Trying to smile seemed to difficult but I didn't feel like crying either. Instead I simply wandered around the room, thinking of my past. Not just with Alphonse, but with my father, with my mother...I'd never felt so sad before and yet so calm. And then I looked on his bed and saw something I hadn't noticed before. Alphonse's white violin case sat on the bed. I sat down on his bed and ran a hand over the white wood. I opened the case carefully. Inside, sitting in a bed of white satin, sat his pure white violin and bow. With tentative hands, I picked up the violin and the bow and put the violin to my neck, the way I'd seen Alphonse do it. I held the bow with hands that fumbled, and I ran it against the strings of the violin. A screeching sort of noise came out and with a bark of laughter, I pulled the violin away.

"Well, if you were expecting to be a musical genius, I'd say you were sorely mistaken." Lily's voice came from the doorway and I looked up with a smile.

"Oh I know. I just wanted to see how I'd do." Looking back to the violin, I said on an impulse, "you know, I think I'll take this with me. I think I'd like to learn how to play."

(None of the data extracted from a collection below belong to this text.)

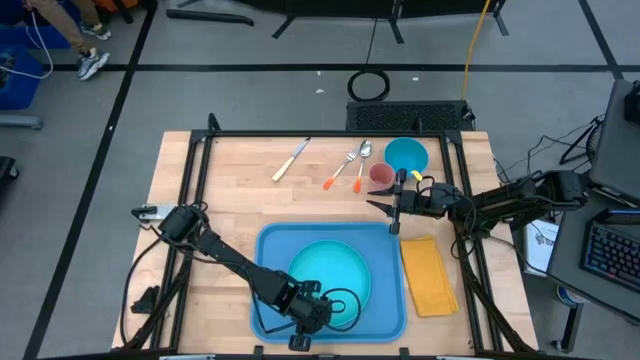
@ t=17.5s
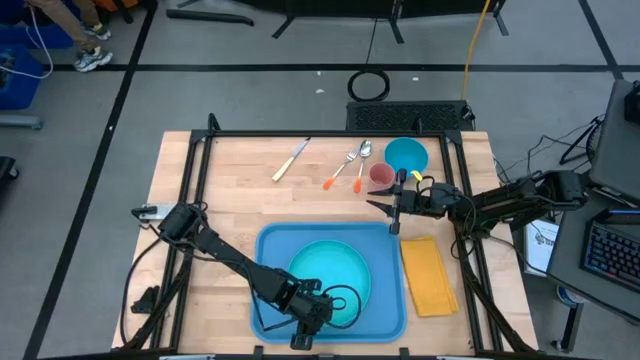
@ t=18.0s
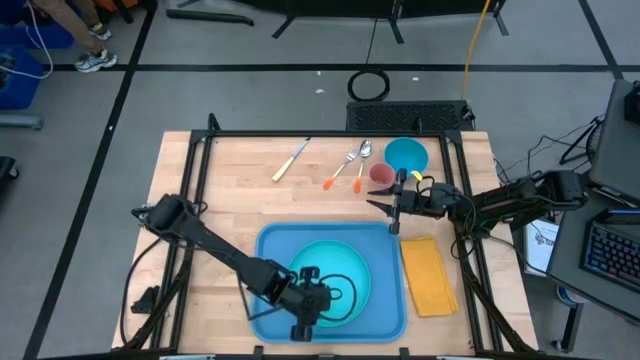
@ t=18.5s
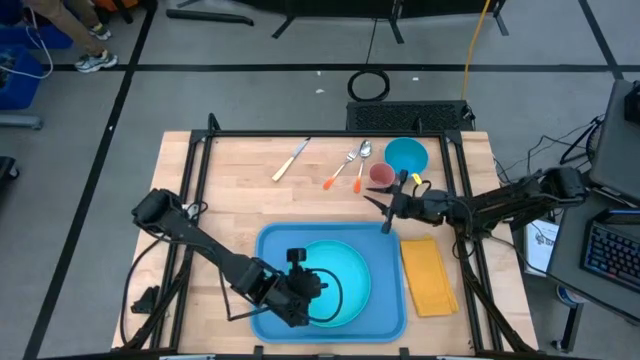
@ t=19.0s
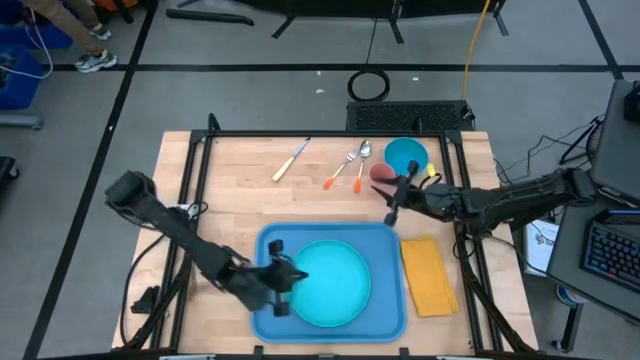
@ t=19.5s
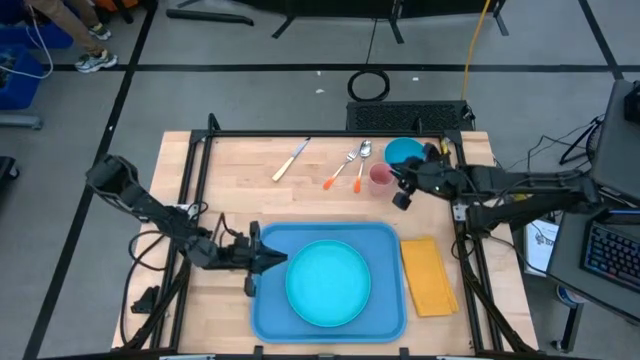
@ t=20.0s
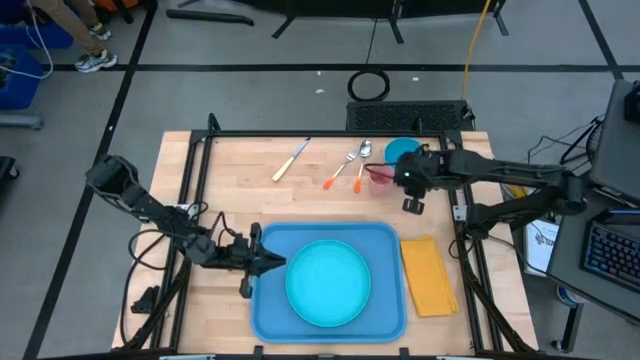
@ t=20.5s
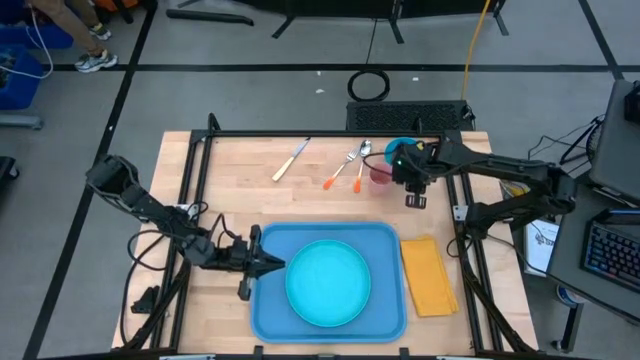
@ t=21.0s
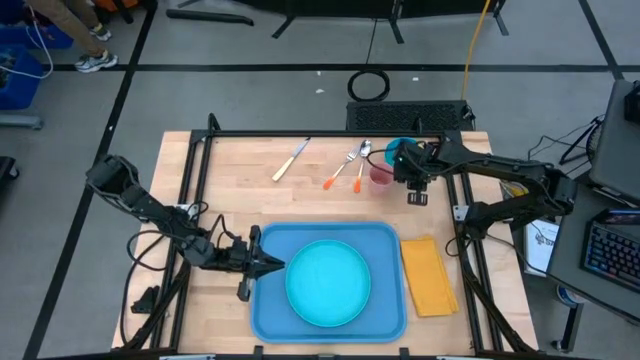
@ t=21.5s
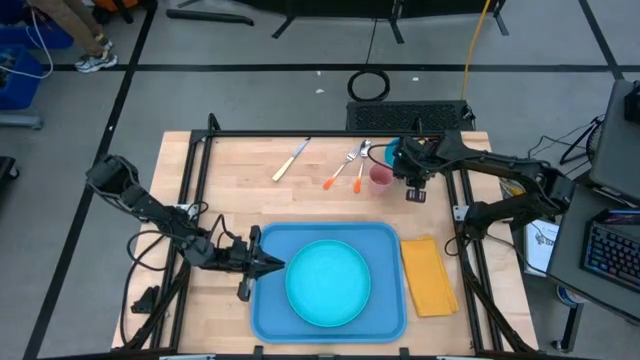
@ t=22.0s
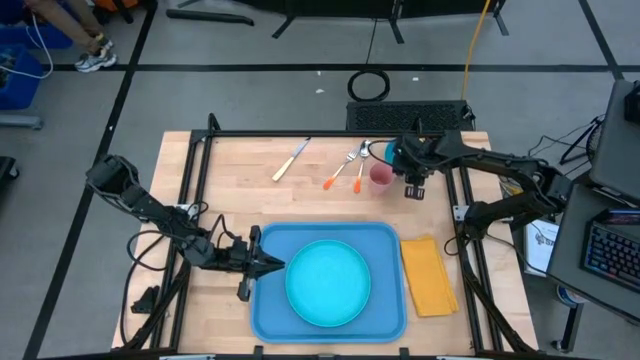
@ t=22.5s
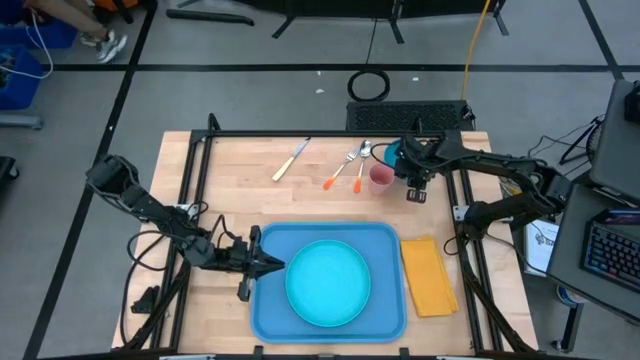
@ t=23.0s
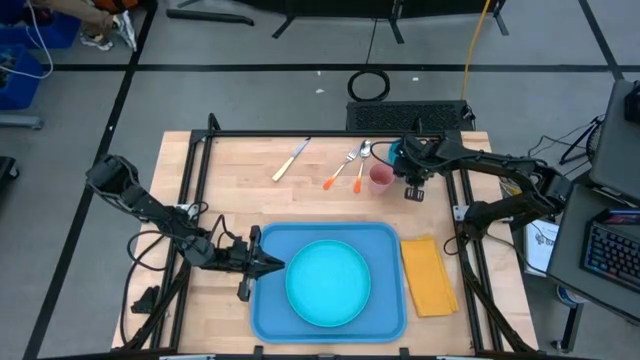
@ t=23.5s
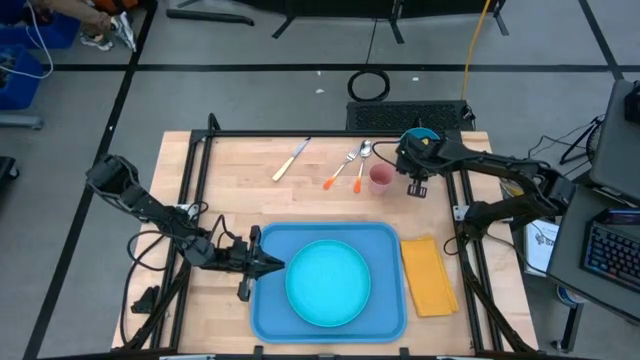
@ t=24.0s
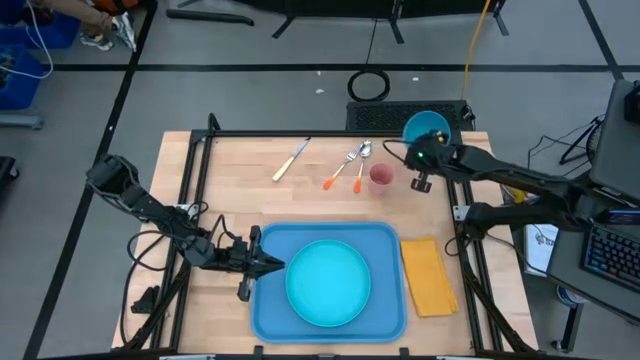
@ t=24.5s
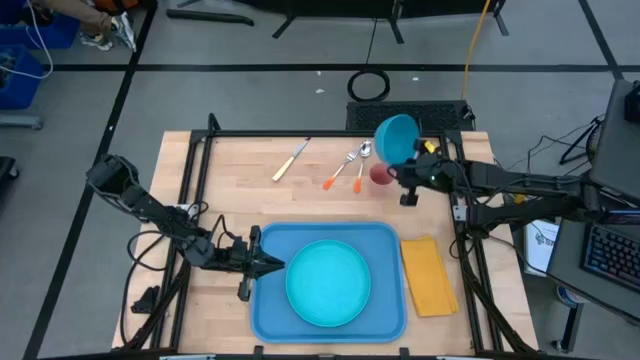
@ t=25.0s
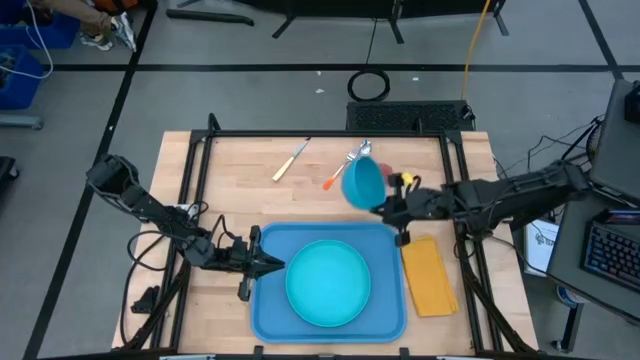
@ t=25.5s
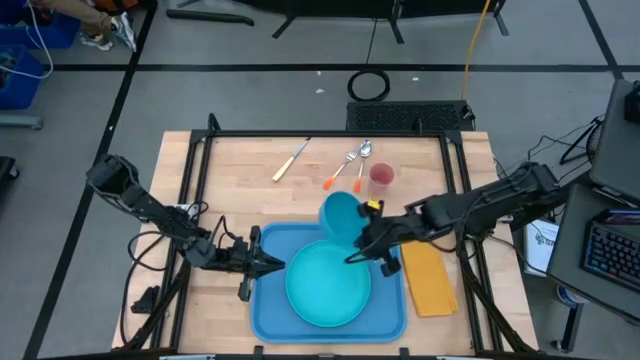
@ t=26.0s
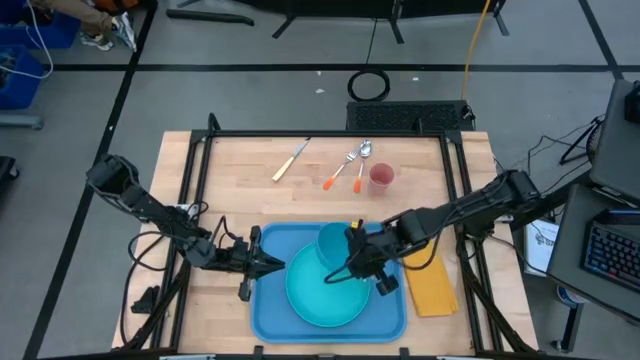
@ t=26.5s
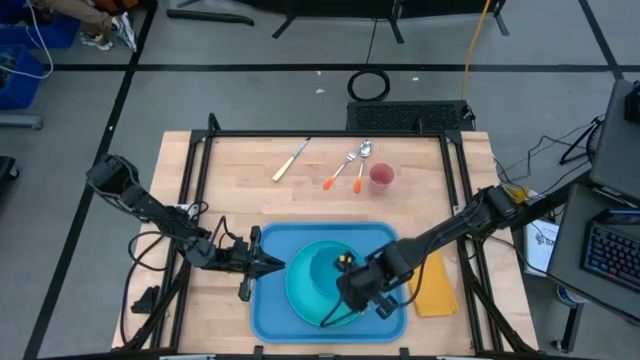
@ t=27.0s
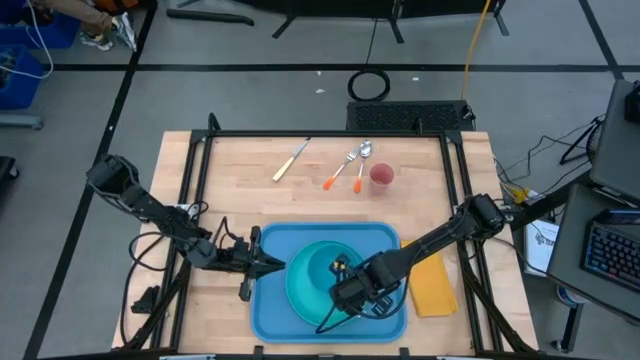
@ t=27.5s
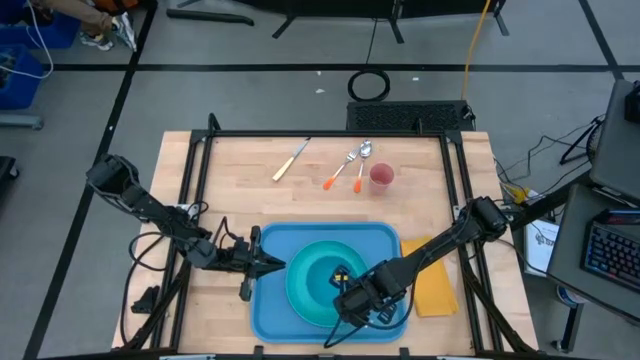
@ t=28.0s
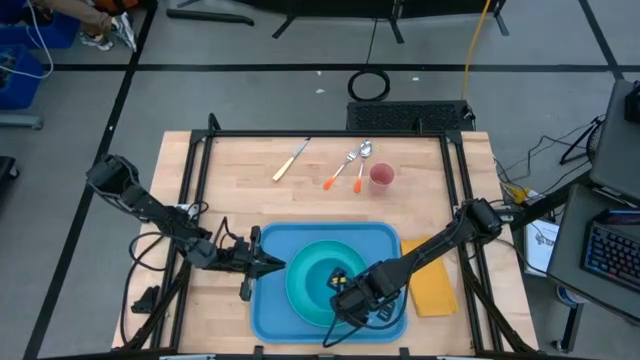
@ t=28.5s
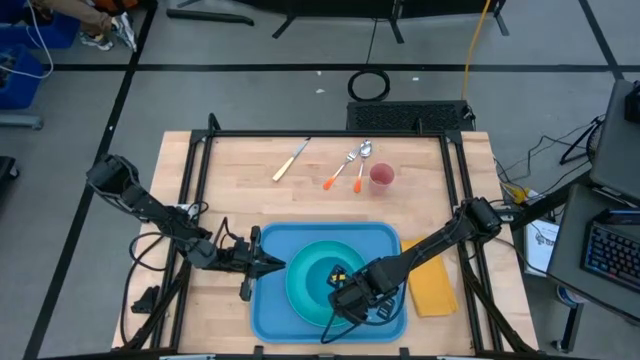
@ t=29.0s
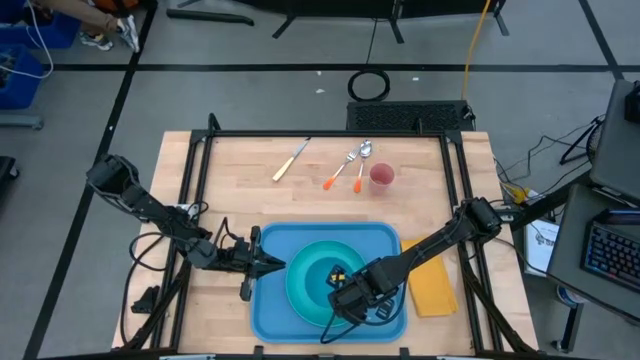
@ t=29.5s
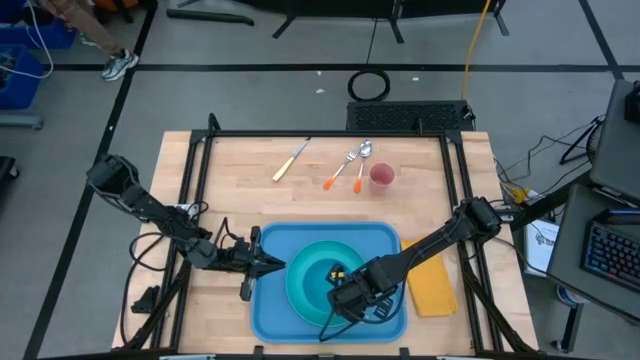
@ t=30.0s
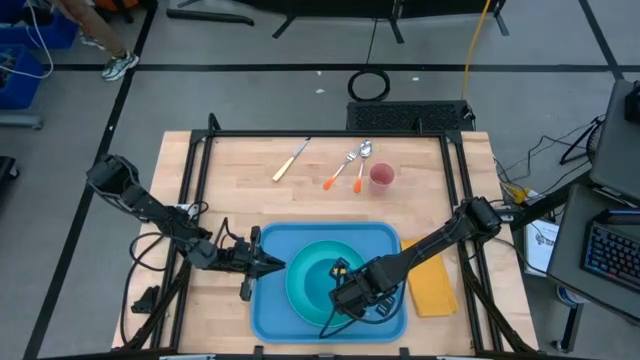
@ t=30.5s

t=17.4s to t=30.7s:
Task: Set up tray
Put the blue bowl on the light blue plate

Lily did not go any farther into the room. Her black dress constrasted strangely with the white walls. Then I looked down at myself. How odd I must look, too. The only black object in a place of pure white. Strange, that was. When I'd first met Alphonse, that had almost seemed to me how it was. I was flawed, I was distraught, with a black heart and I'd entered upon a place of pure white, a place of innocence. I knew that the fact that Alphonse was no longer innocent was another burden I must place on my shoulders. I did not let that hurt me, however. "That is a wonderful violin," Lily told me, "and I'm sure you'd pick it up quickly. We can get you lessons, if you'd like," she said.

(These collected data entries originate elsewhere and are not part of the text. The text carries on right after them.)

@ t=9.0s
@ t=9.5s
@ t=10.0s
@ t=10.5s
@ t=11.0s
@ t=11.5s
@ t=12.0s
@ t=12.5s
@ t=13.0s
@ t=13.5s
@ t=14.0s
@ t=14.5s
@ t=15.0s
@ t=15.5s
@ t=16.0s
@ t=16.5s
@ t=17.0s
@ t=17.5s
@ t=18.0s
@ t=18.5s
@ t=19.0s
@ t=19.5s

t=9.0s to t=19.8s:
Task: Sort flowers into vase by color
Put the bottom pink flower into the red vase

"I'd like that very much," I answered. I looked down. "I think that maybe if I learn how to play it...and I learn how to play the song Alphonse played for me...maybe he'll come home to me, then. Maybe if I play it loud enough, he will hear it and return to me."

There were tears in Lily's eyes. "I'd like to think that, too," she told me. There was a silence. "Well," she started and clasped her hands together. "To London?"

I took a deep breath and looked her straight in the face, squaring my shoulders. "To London."